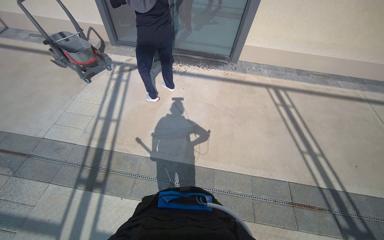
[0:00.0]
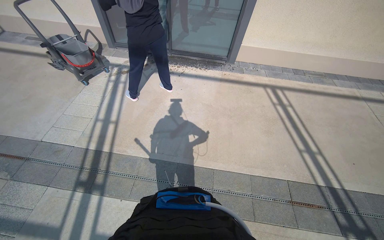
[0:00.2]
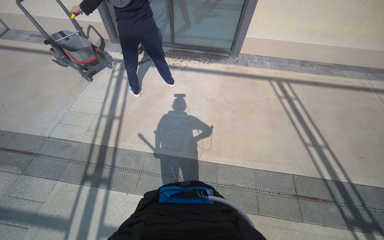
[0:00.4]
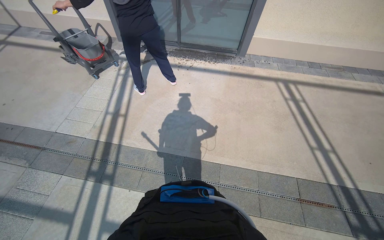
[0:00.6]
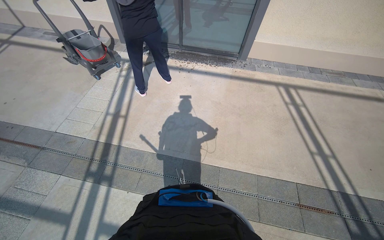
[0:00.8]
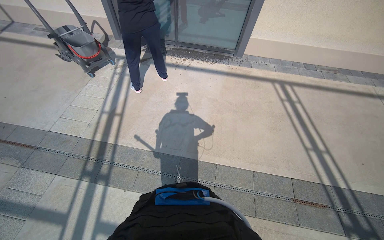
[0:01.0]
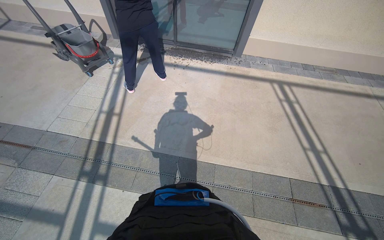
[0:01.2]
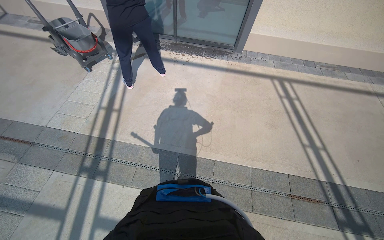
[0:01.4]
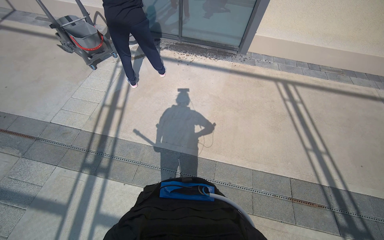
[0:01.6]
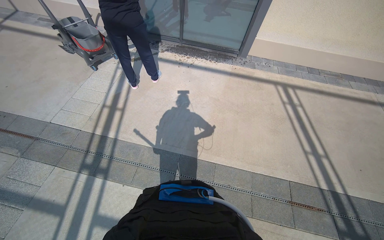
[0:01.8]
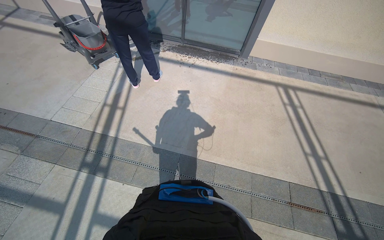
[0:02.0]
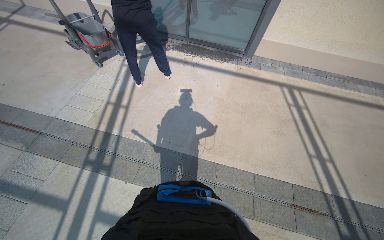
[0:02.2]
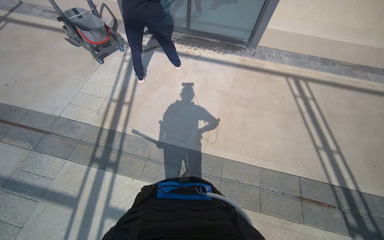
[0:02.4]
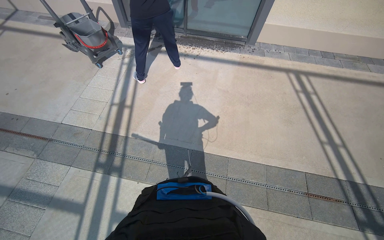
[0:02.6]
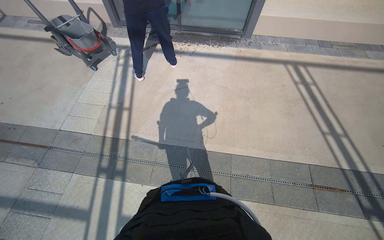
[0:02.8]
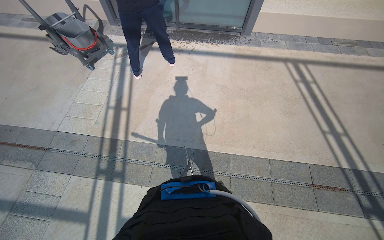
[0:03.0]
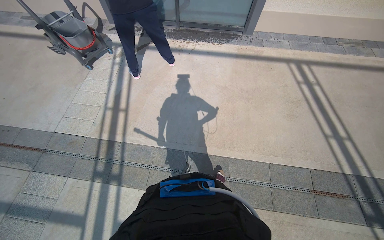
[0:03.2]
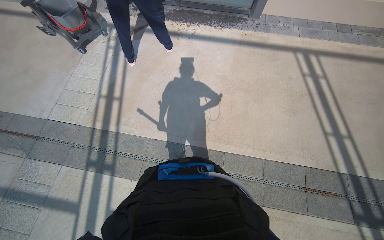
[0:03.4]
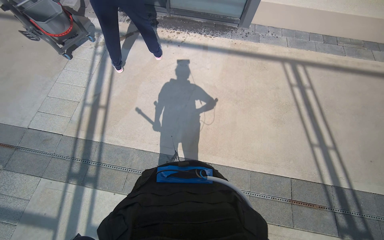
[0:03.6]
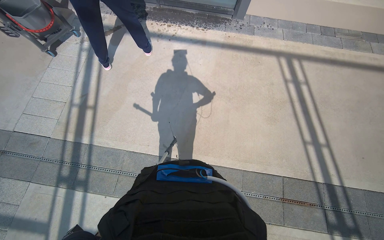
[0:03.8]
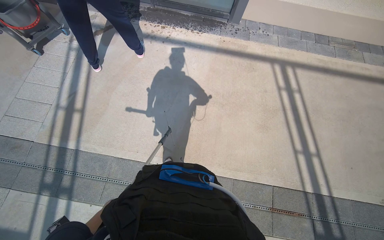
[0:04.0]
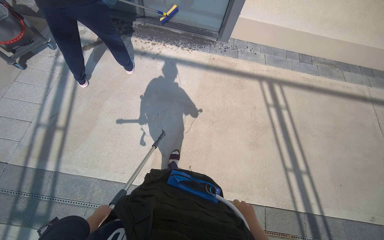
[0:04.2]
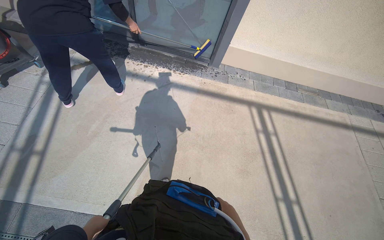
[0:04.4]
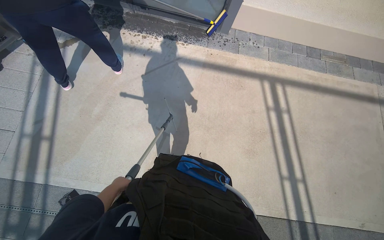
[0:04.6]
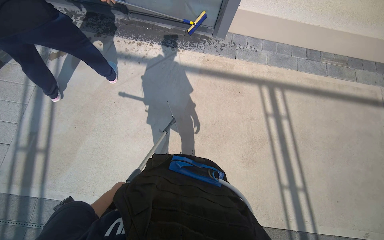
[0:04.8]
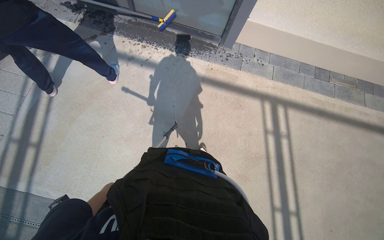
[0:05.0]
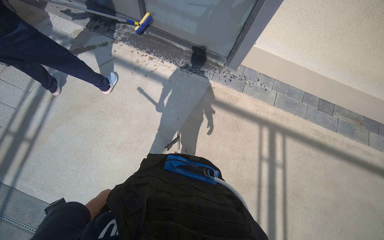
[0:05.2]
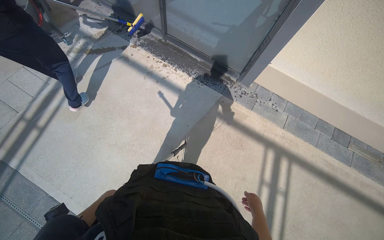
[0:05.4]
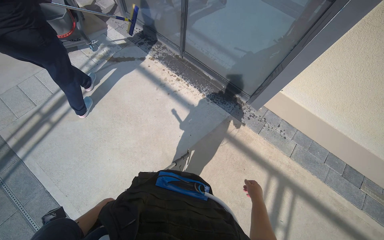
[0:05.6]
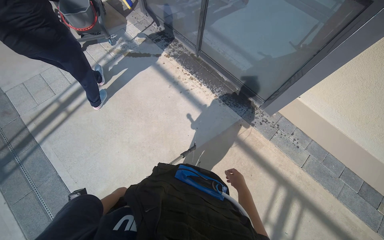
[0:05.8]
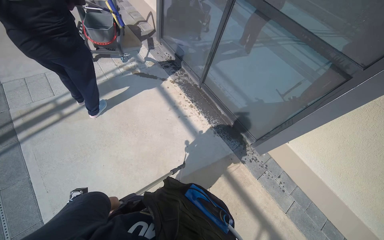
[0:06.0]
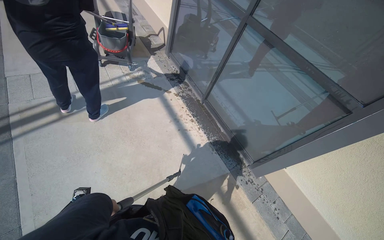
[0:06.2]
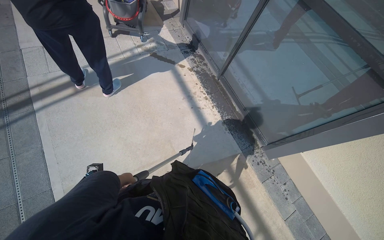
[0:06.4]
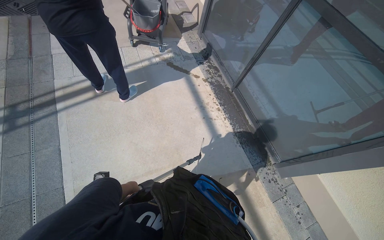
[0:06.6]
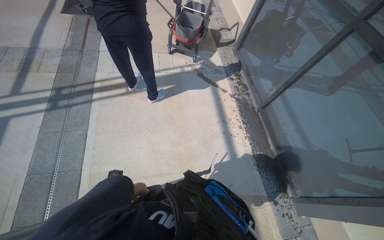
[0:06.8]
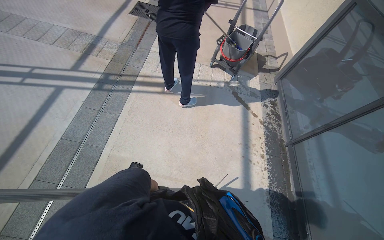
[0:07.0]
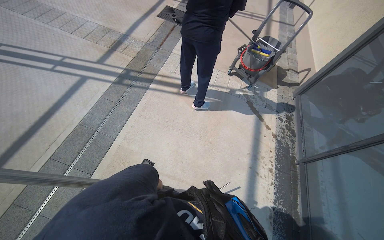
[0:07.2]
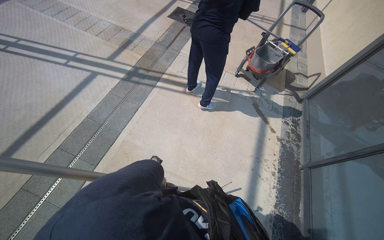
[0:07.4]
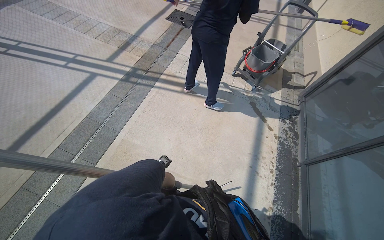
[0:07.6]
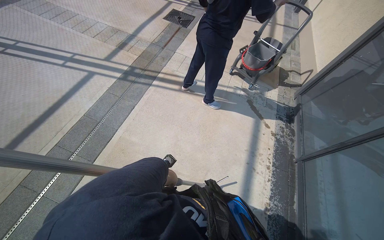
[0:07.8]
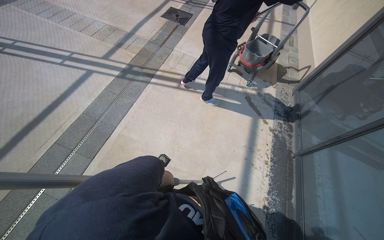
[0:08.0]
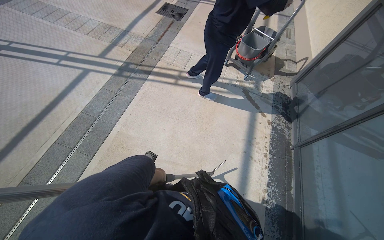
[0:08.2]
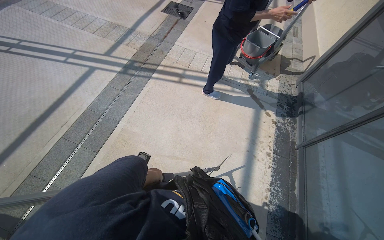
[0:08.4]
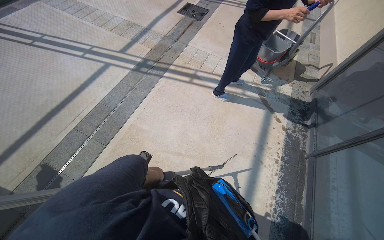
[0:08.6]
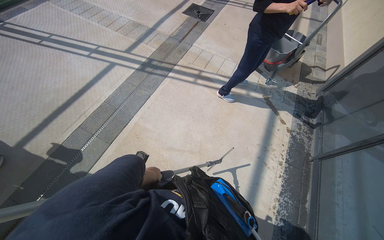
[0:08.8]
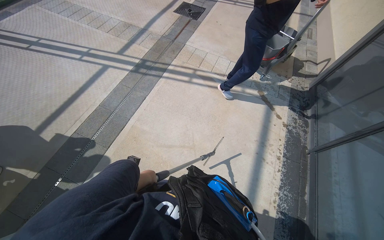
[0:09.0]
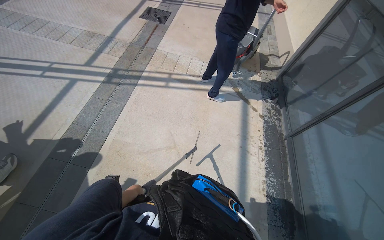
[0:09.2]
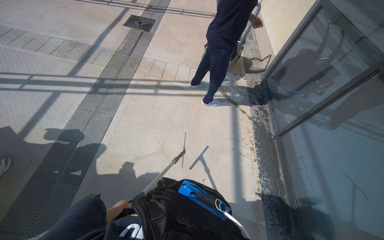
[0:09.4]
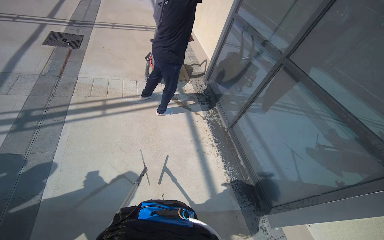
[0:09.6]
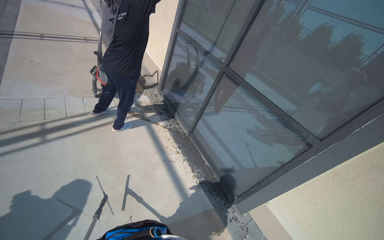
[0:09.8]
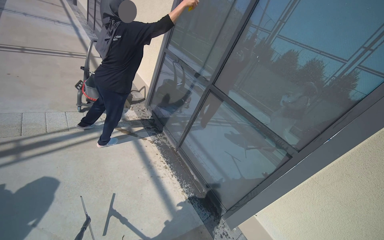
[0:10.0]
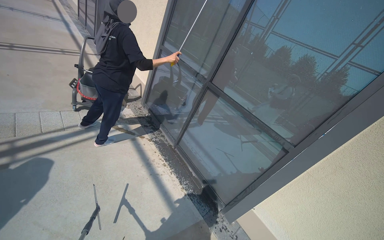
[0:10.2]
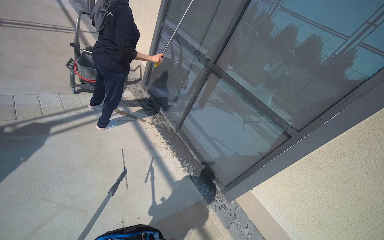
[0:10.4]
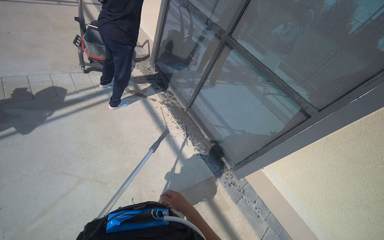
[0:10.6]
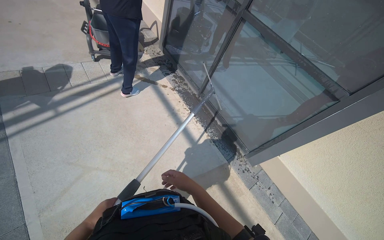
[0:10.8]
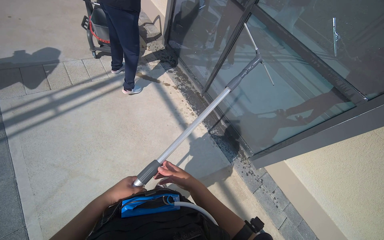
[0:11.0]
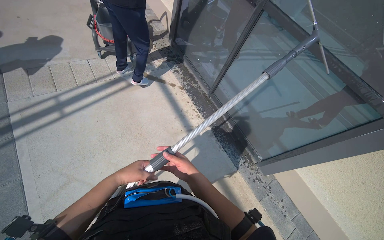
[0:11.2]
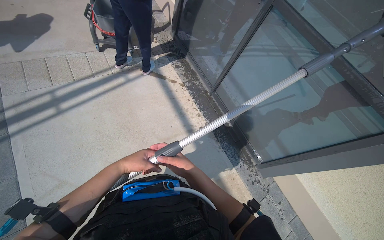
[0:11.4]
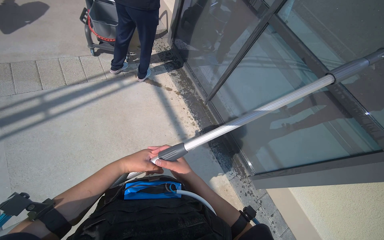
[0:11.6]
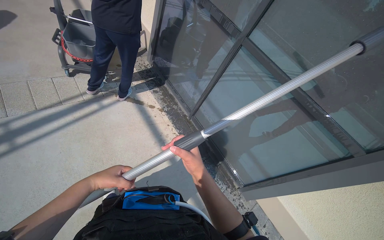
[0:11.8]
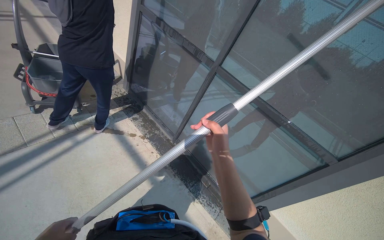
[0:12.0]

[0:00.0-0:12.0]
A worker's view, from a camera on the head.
Job: wiping surfaces.
The whole recording: Cleaning glass window with squeegee. The worker cleans the glass window using a squeegee, then a long pole with a squeegee attachment.
0:03.0 to 0:04.4: The camera is carried about 80 cm.
0:04.4 to 0:06.0: The camera travels roughly 60 cm. The head rotates some 45 degrees to the left.
0:06.0 to 0:07.6: The wearer looks approximately 60 degrees further to the left.
0:07.6 to 0:09.0: The left hand is displaced to the left by roughly 10 cm.
0:09.0 to 0:10.4: The head rotates some 65 degrees to the right.
0:10.4 to 0:12.0: The camera is carried about 50 cm.

+ + + + + + +

◆ **Task to complete**:
Retyping should start at the first line of the data above and stop after the line with "[0:00.0-0:12.0]", and no picture should be included.

◆ **Answer to this task**:
[0:00.0]
[0:00.2]
[0:00.4]
[0:00.6]
[0:00.8]
[0:01.0]
[0:01.2]
[0:01.4]
[0:01.6]
[0:01.8]
[0:02.0]
[0:02.2]
[0:02.4]
[0:02.6]
[0:02.8]
[0:03.0]
[0:03.2]
[0:03.4]
[0:03.6]
[0:03.8]
[0:04.0]
[0:04.2]
[0:04.4]
[0:04.6]
[0:04.8]
[0:05.0]
[0:05.2]
[0:05.4]
[0:05.6]
[0:05.8]
[0:06.0]
[0:06.2]
[0:06.4]
[0:06.6]
[0:06.8]
[0:07.0]
[0:07.2]
[0:07.4]
[0:07.6]
[0:07.8]
[0:08.0]
[0:08.2]
[0:08.4]
[0:08.6]
[0:08.8]
[0:09.0]
[0:09.2]
[0:09.4]
[0:09.6]
[0:09.8]
[0:10.0]
[0:10.2]
[0:10.4]
[0:10.6]
[0:10.8]
[0:11.0]
[0:11.2]
[0:11.4]
[0:11.6]
[0:11.8]
[0:12.0]

[0:00.0-0:12.0]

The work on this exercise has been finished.